Public prosecutor Zulkifli Sultan read out charges against three defendants, two of whom were employees of the Kutai Kartanegara Public Works Agency, demanding five-year sentences for each of the defendants for criminal negligence in the tragedy.
The two public employees, whose trial proceeded separately from the third defendant, filed an objection on Wednesday to the legal basis of the charges against them, and their trial will pick up addressing that motion on Tuesday next week.
The third defendant’s trial will resume a day later, with an agenda to begin hearing witnesses’ testimonies.
The civil servants charged are Yoyo Suriana, the infrastructure chief of Kutai Kartanegara district in East Kalimantan, and Setiono, a technical executor of the project. The third defendant, Muhammad Syahrial Fahrurrozi, was a project manager with construction company Bukaka Teknik Utama, in charge of the bridge’s maintenance and repairs.
Ni Putu Sri Indayani will serve as the trial’s presiding judge.
“There will be two trials next week. First to hear the objection of the two Public Works Agency employees and the next day to hear witnesses’ testimonies. According to Kutai Kartanegara District Court documents, 60 witnesses will testify in the trials,” Zulkifli told the Jakarta Globe, adding that the panel of judges wanted more testimonies from technical witnesses.
The three defendants have been detained by Kutai Kartanegara Police since early January.

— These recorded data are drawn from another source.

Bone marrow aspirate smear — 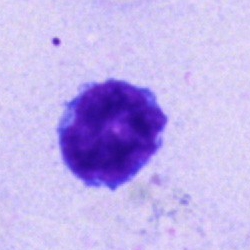 Specimen: bone marrow smear.
Cell type: lymphocyte.
Lineage: lymphoid.
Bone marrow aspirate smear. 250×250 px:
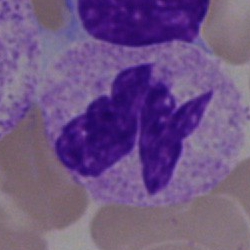Segmented neutrophil.
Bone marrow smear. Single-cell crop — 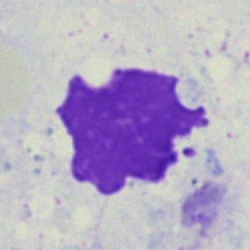Morphology — artefact.
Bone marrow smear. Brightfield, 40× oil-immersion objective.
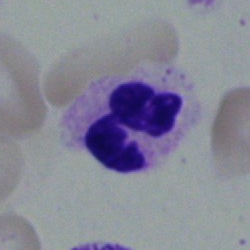
Classification = segmented neutrophil.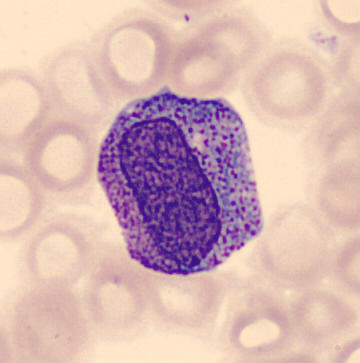Impression → promyelocyte. Preparation: Peripheral blood smear. CellaVision DM96.
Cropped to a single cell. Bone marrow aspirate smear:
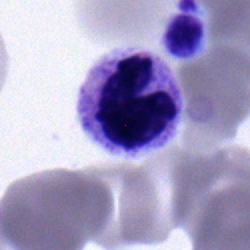
Morphology consistent with a neutrophil (band).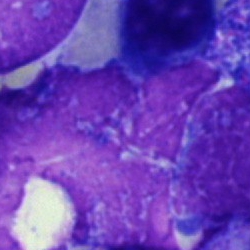 This is an artefact.
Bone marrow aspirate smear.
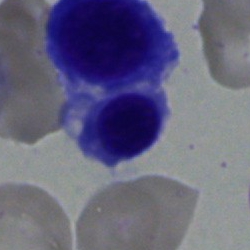

Normoblast.
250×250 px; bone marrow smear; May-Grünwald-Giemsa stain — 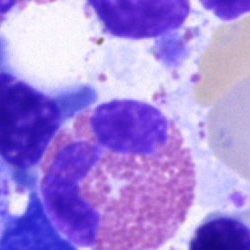 An eosinophil.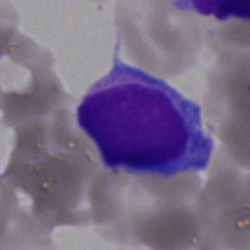

{"cell_type": "lymphocyte"}
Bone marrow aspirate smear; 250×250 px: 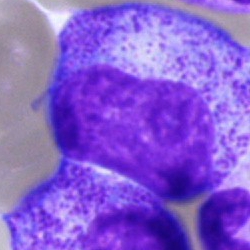
Morphological class — progranulocyte.
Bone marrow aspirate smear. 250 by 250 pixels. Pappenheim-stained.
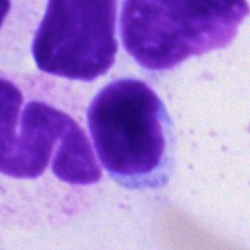Q: Which cell type is shown here?
A: This is a typical lymphocyte.
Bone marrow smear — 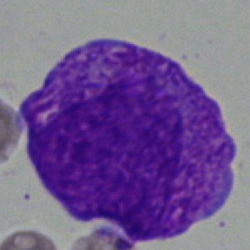

Showing a faggot cell.
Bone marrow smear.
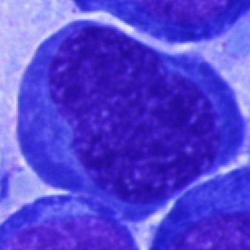

Single cell identified as a normoblast.
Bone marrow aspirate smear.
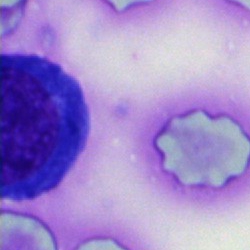

Impression → nucleated red cell.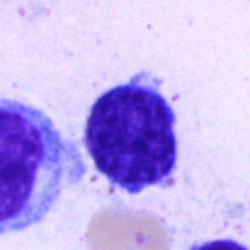

Cell type — lymphocyte.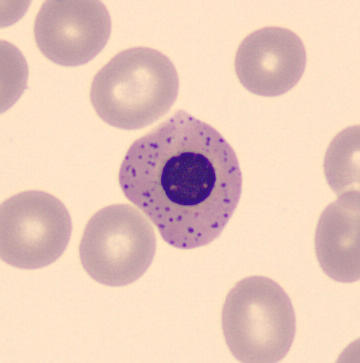

Acquisition: Peripheral blood film.

Cell type — erythroblast.
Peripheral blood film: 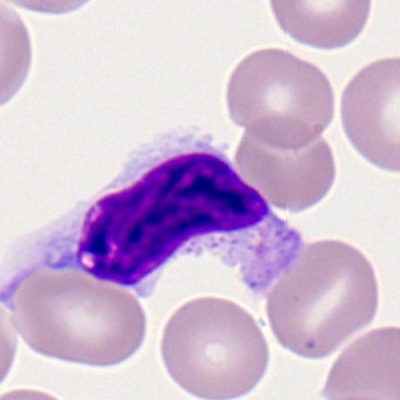 Morphology → typical lymphocyte.
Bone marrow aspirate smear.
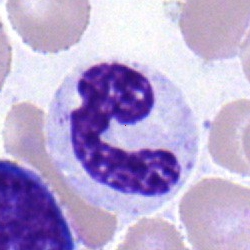
Q: What is the morphological classification of this cell?
A: A polymorphonuclear neutrophil.
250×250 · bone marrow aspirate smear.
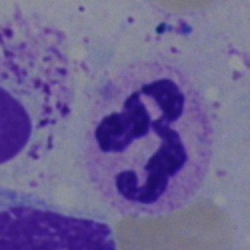

The cell shown is a neutrophil (segmented).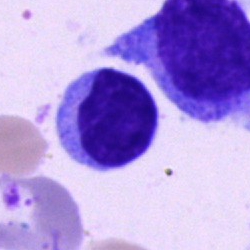
The cell shown is a lymphocyte.
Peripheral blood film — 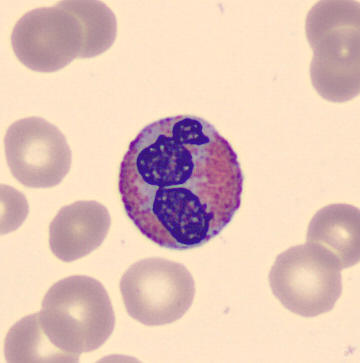The cell type is eosinophil.
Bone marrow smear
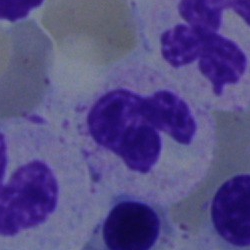

The cell shown is a segmented neutrophil.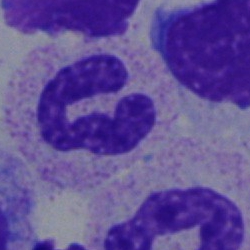

Classification: neutrophil (segmented).
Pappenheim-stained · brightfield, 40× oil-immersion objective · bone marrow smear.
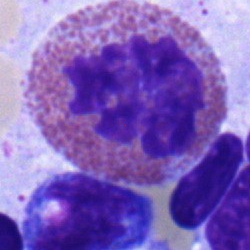Classification: eosinophilic granulocyte.
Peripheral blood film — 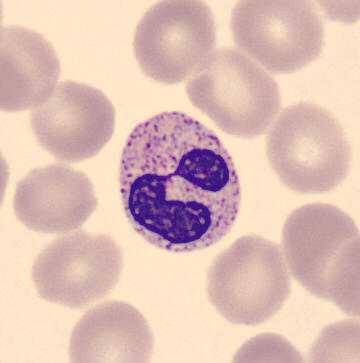
Neutrophil (segmented).
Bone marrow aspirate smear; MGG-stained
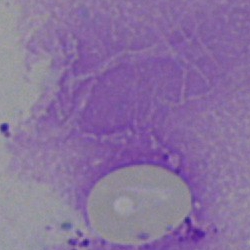
Cell = artifact.
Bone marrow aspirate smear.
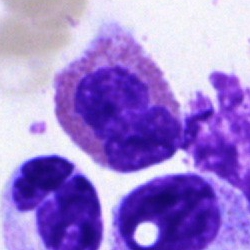
Classification = eosinophilic granulocyte.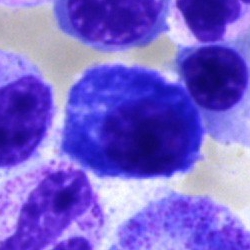
A plasma cell on a bone marrow smear.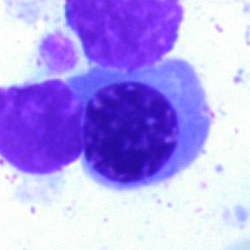Single cell identified as an erythroblast.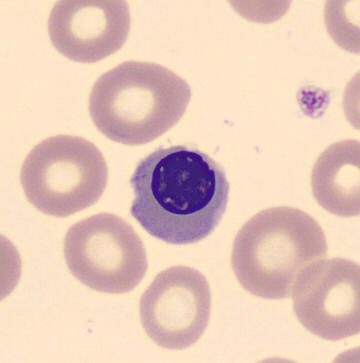 Specimen: peripheral blood smear.
Classification: erythroblast.
Lineage: erythroid.
360×363.
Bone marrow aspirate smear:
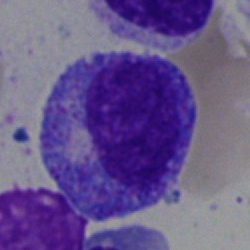
Cell type: promyelocyte.
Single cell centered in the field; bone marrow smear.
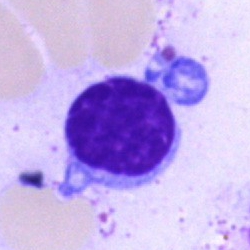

The 720-meter-long bridge over the Mahakam River — built to resemble San Francisco’s Golden Gate Bridge — buckled on Nov. 26, killing 24 people and injuring more than 30 others. About a dozen remain missing. The bridge collapse also caused billions of rupiah in losses for mining companies that use the Mahakam River for the transport of coal.
Bukaka was performing maintenance on the 10-year-old bridge at the time of the collapse.
Police have questioned more than 50 witnesses in the case. Among them are engineering experts from the Bandung Institute of Technology (ITB), the Indonesian Society of Engineers (PII) and the Agency for the Assessment and Application of Technology (BPPT).
Priyo Suprobo, a structural engineer at the Sepuluh Nopember Institute of Technology (ITS) in Surabaya, previously posited that the collapse was triggered when one of the linchpins along the deck sheared because of uneven loading as a result of a sag in the deck, caused in turn by the shifting anchor blocks.
When the linchpin sheared, he said, it “caused shock loading that resulted in the other linchpins also shearing.”
Priyo said the theory was based on the discovery of a sheared linchpin thrown some 50 meters from the bridge.